Illustration of the gain factor by means of distribution curves
We have learned in the previous chapter that the light density factor βP(ε) can be always only measured for a very certain viewing angle β. Thus, in order to get a founded statement about the radiation behaviour of a screen, several single measurements are needed with different viewing angles.
|Light density factor
By compelling such a series of measurement in a table in which for the different viewing angles the respective light density factor is mentioned, one can easily get an overview of the reflecting behaviour of the screen. Those values that do not appear on the table can be calculated by means of the interpolation. But in order to quickly get an overview about the radiation behaviour of the screen and specially also to compare different screens with each other, such a gain-factor-table is less adequate. In this case, a graphic illustration of the reflecting behaviour is more recommendable.
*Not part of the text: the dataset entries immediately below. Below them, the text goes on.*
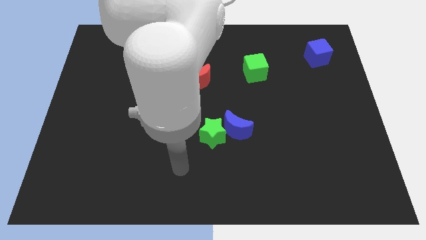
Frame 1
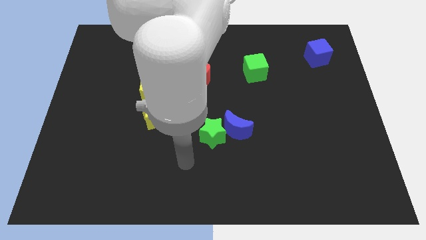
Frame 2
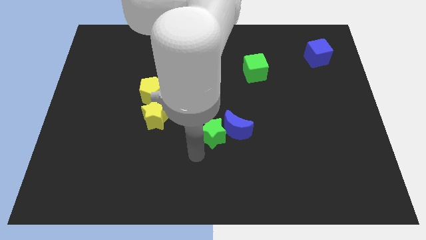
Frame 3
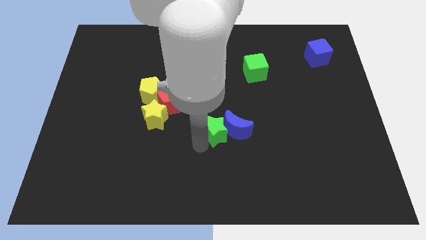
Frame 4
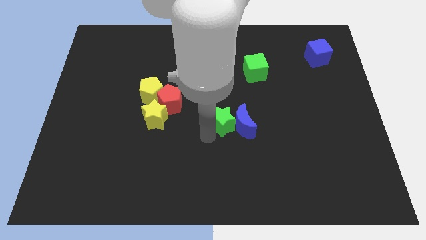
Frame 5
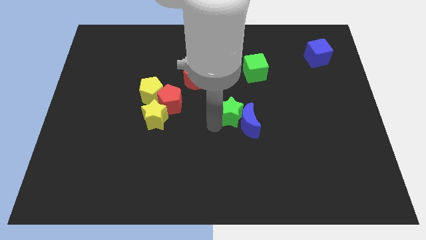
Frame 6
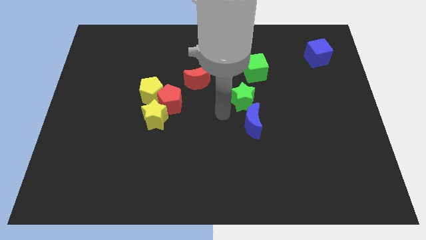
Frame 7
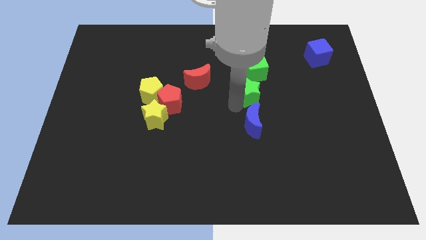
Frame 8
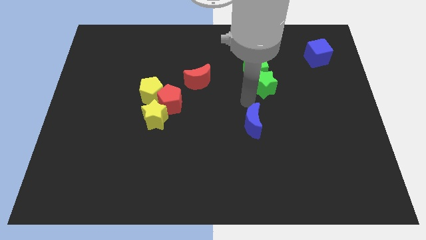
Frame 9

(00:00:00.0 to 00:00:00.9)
move the blue moon away from the green star

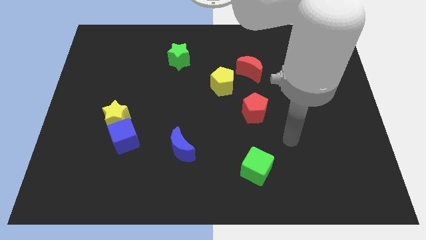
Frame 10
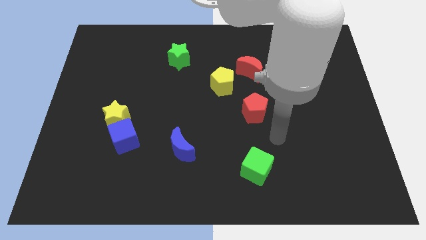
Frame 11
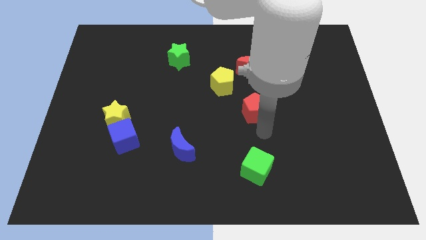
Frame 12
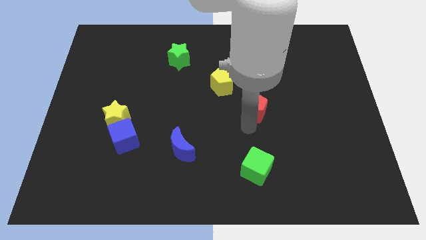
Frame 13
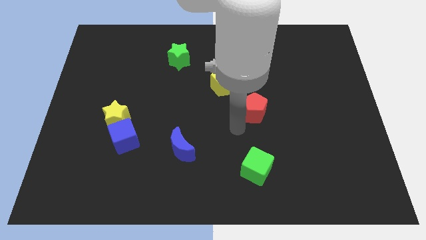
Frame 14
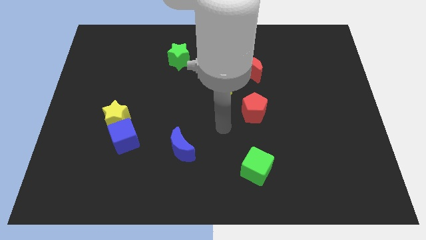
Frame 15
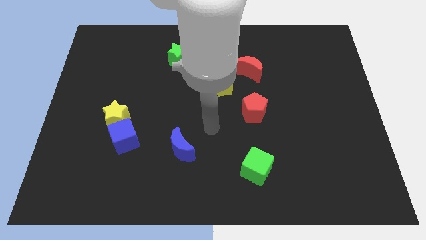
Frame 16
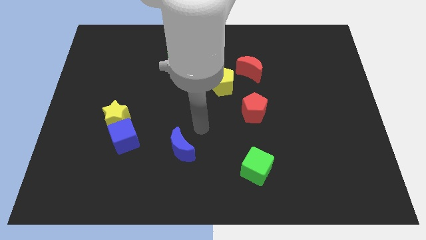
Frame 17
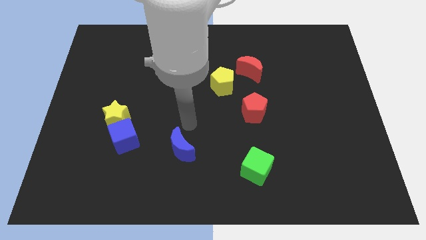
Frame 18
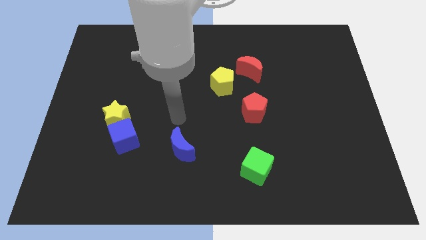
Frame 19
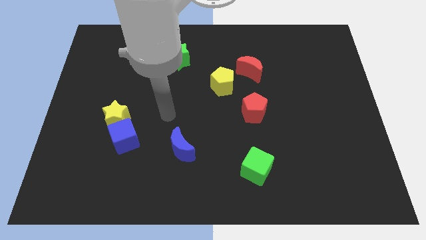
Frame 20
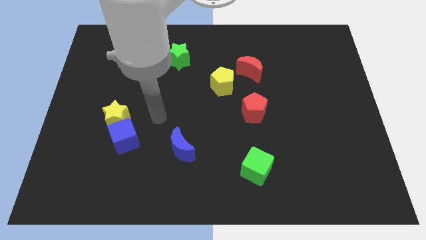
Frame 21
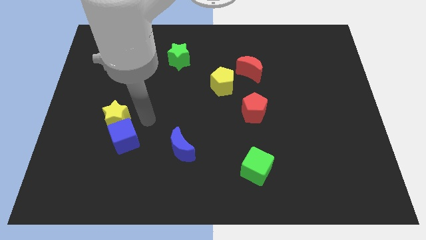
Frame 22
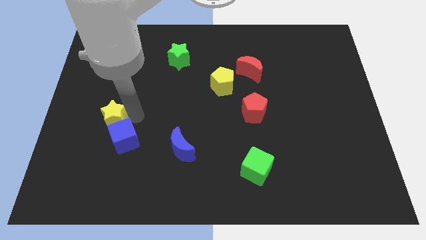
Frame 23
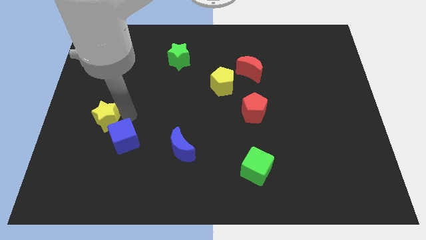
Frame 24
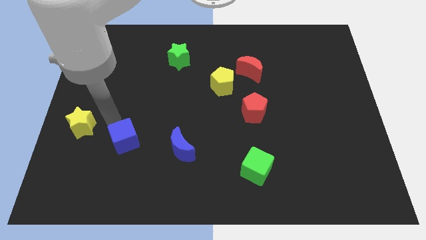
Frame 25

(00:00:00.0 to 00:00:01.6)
pull the blue cube apart from the yellow star

For the gain-factor, there are two common ways of illustration: the appliance of cartesian coorninates or the appliance of polar coordinates. Let us start with the illustration in the form of polar coordinates, as we already got introduced to them in the penultimate chapter. The adjoining image visualizes literally the reflection behaviour of a screen. Starting from the screen perpendicular (0°-line), some lines are arranged in some regular angles (here: 20°). These lines are each representing a very determined viewing direction. The blue white-reference curve serves as reference curve with a constant gain-factor of 1. We apply the measured values of the light density factor on the respective angle-lines and communicate these points to the red curve that finally visualizes the reflecting behaviour of the projection screen for the incidenting light angle of 0°.
An alternative way of representing the distribution curve of the light density factor takes place in the cartesian coordinates. The adjoining image shows exactly the same contence as the polar coordination image above. As it is the case in a very normal illustration, we apply here each of the viewing angles on the x-axis and the respective measured light density factor on the y-axis. Our blue white reference curve with the constant gain-factor of 1 becomes a straight on the illustration and our distribution curve for the measured screen becomes a symmetrical mountain hill. The advantages of this way of illustration are that we can read the numerical values right from the illustration and that we clearly recognize the light in the maximum range.
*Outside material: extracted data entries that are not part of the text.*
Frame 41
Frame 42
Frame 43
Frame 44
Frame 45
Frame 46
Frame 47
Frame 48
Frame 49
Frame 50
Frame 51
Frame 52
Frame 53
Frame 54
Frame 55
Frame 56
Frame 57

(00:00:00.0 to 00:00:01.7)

The preferred way of illustration depends on what is supposed to do with it. Those who want a rough overview of the reflecting behaviour of a screen are better served with the visual illustration in polar coordinates; but those who need the concrete numerical values for the layout of a professional presentation room will need the cartesian illustration.
Finally, I would like to emphasize that either the tabular form consisting on viewing angles and the respective gain-factor, as also the visualization in polar coordinates or cartesian coordinates have the same physical contence.